Avendale removed the paper from within a jacket pocket. “I have the names of four men who have brought charges against her. I need to know the names of any others she may have swindled.”
Merrick crossed his arms over his chest. “Why? So they can tell the authorities everything and she can spend the rest of her life in prison?”
Avendale briefly wondered what made Merrick so distrustful of every blasted word that came out of his mouth. “So I can offer them restitution, pay them what is owed to them, so they can bring no charges against her.”

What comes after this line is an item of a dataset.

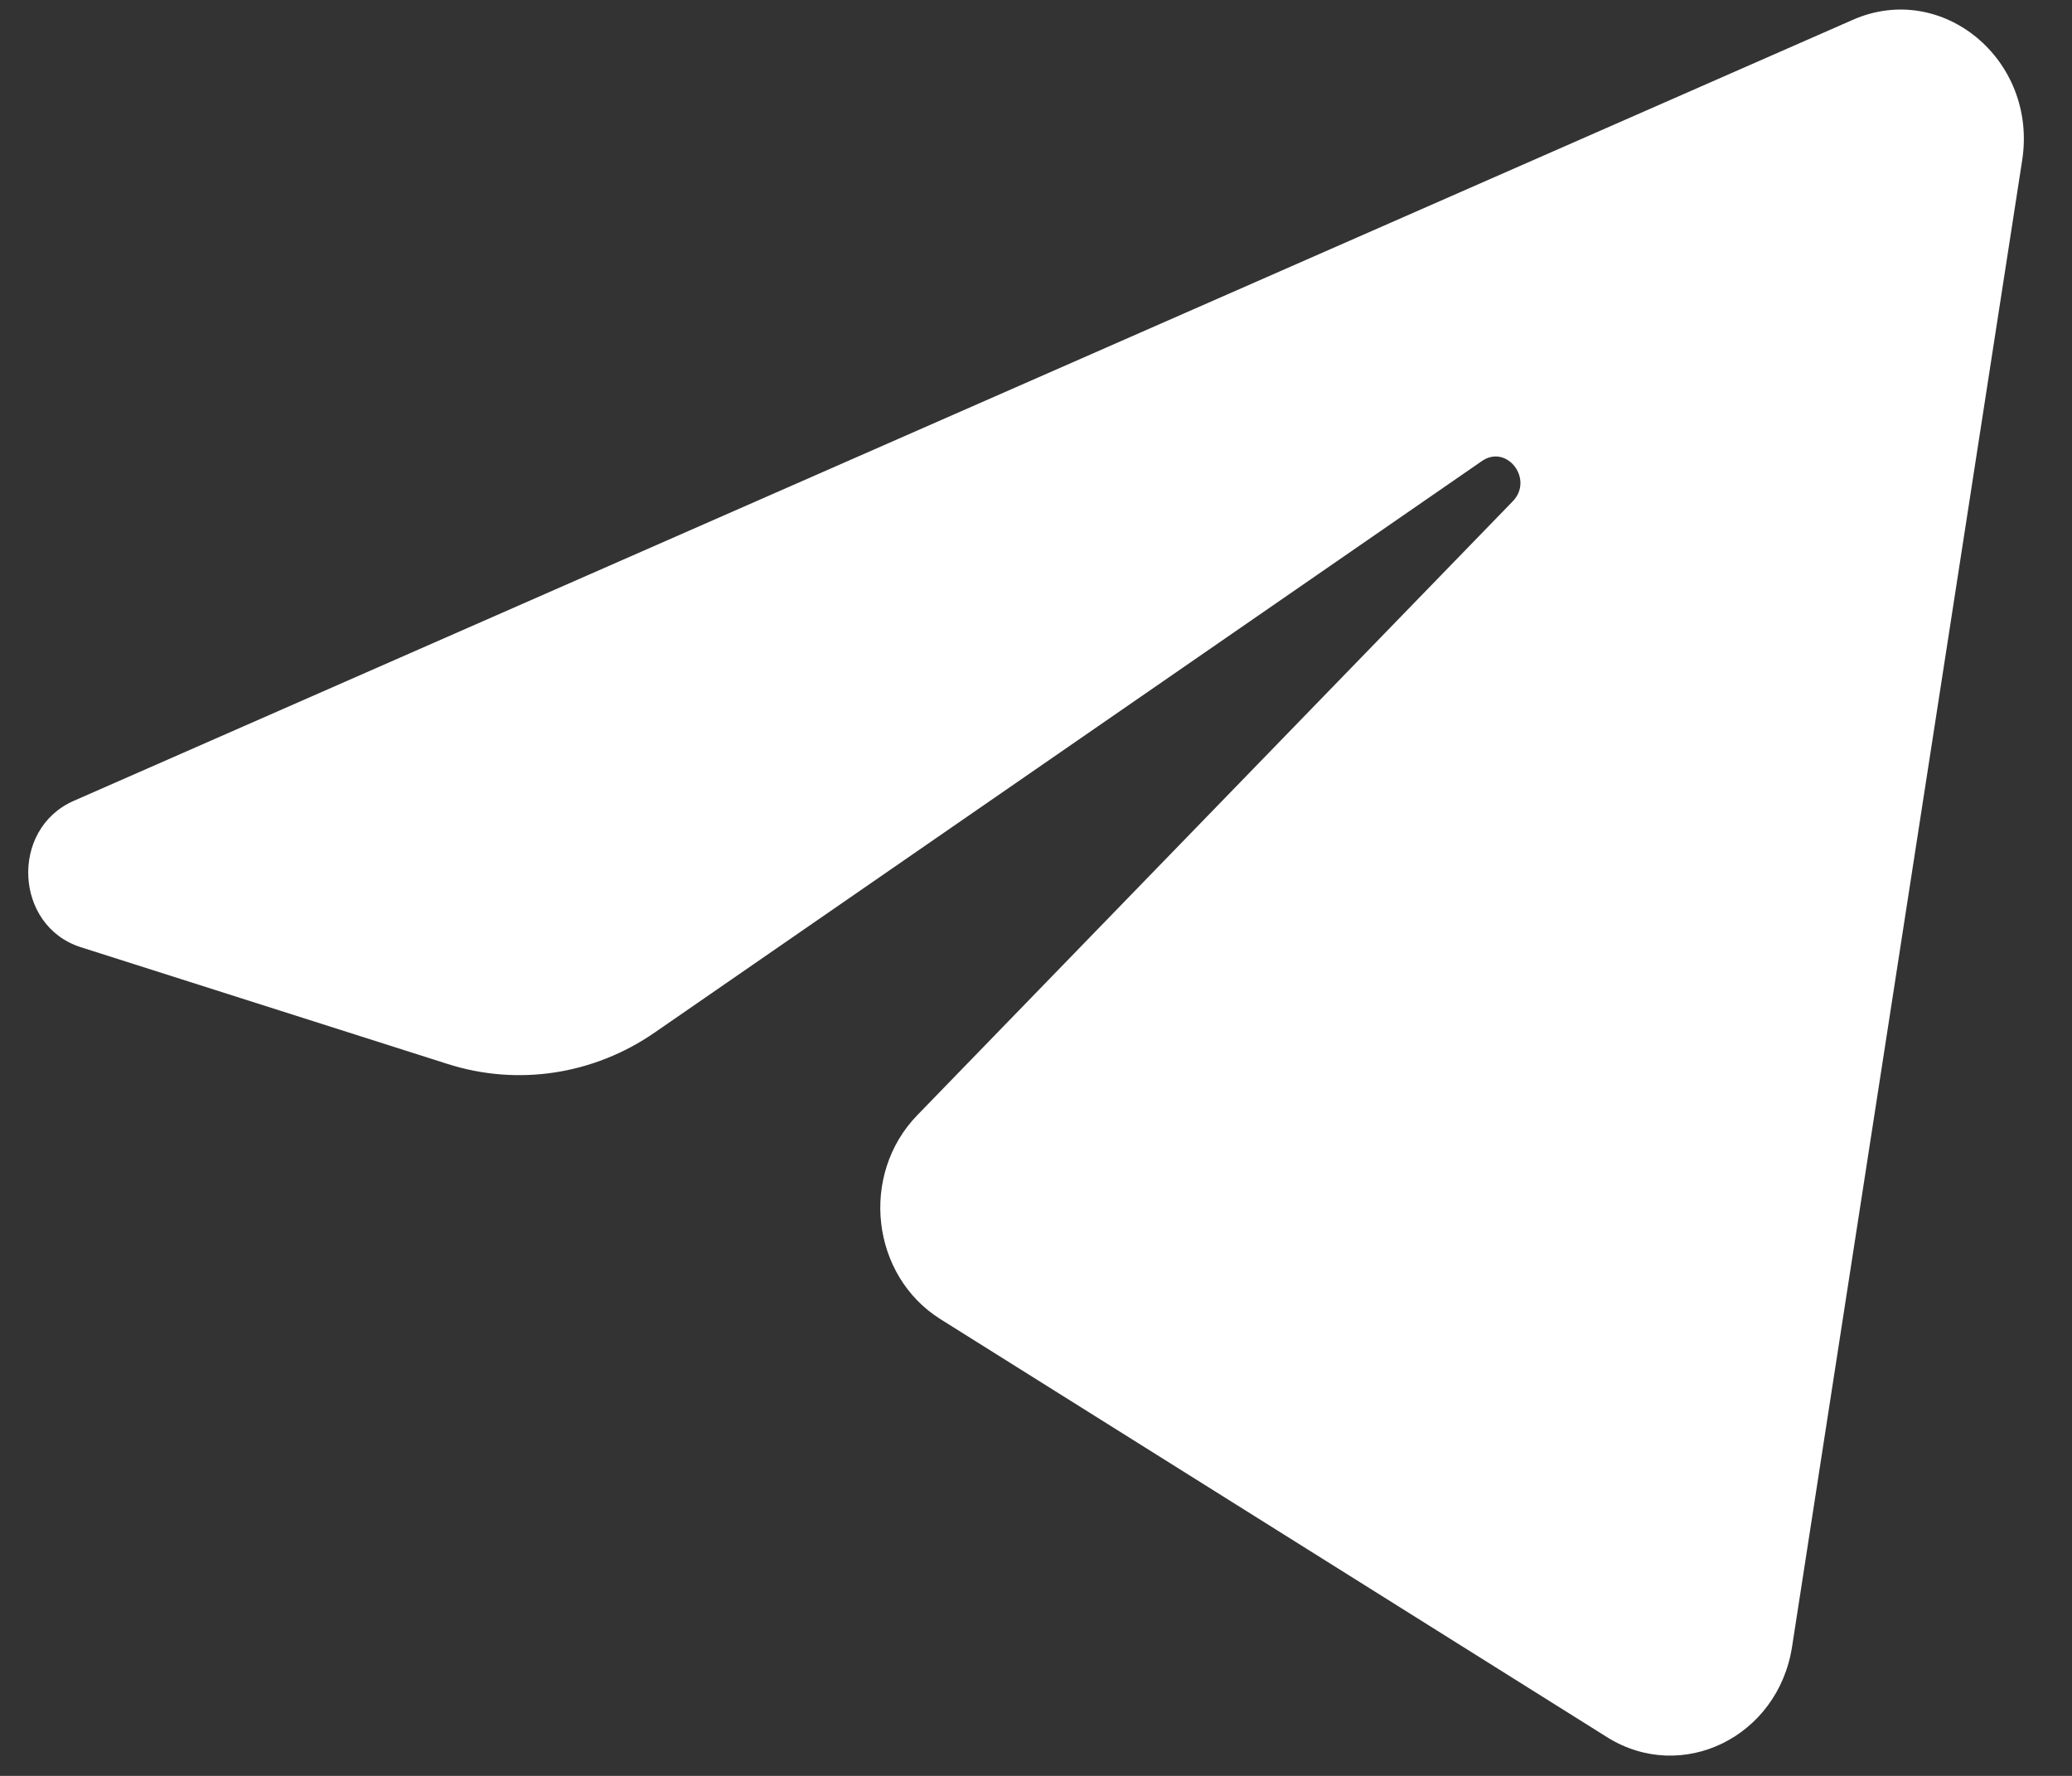 <svg width="42" height="36" viewBox="0 0 42 36" fill="none" xmlns="http://www.w3.org/2000/svg">
<rect x="0" y="0" width="42" height="36" fill="#333333" stroke="none"/>
<path d="M40.99 3.25C41.306 1.213 39.369 -0.394 37.559 0.401L1.494 16.235C0.196 16.805 0.291 18.772 1.637 19.201L9.075 21.569C10.494 22.021 12.031 21.788 13.271 20.931L30.039 9.346C30.545 8.997 31.096 9.716 30.664 10.162L18.594 22.606C17.423 23.813 17.655 25.858 19.064 26.742L32.577 35.216C34.093 36.166 36.043 35.212 36.326 33.38L40.99 3.25Z" fill="white"/>
</svg>

“Oh.” Merrick offered a mulish expression that Avendale thought he might think passed for contrition.
“How many?” Avendale asked.
“Think you was number nine.”
Not as bad as he’d thought. He arched a brow. “Names?”
“Don’t know that I know them all or even where you’d find them. She didn’t always share everything if she could find the information herself.”
“I know them,” the giant said in his deep voice. “And where to find them all.”
Eyes wide, Merrick swung around. “Why would she share everything with you and not with me?”
“Because I was the one driving her about.” He lifted a bony shoulder until it nearly touched his ear. “Had to know where I was going. I also know all the merchants she said we’d pay but never did.”
“You can’t remember all of it,” Merrick said. “It’s been years.”
Joseph touched his finger to his temple. “Remember everything. Everything. It’s a blasted curse.”
“Well, then, between the two of you, perhaps we can get an accounting of everyone and where I might find them,” Avendale said. Sitting, he withdrew a pencil from his pocket. “Shall we get started?”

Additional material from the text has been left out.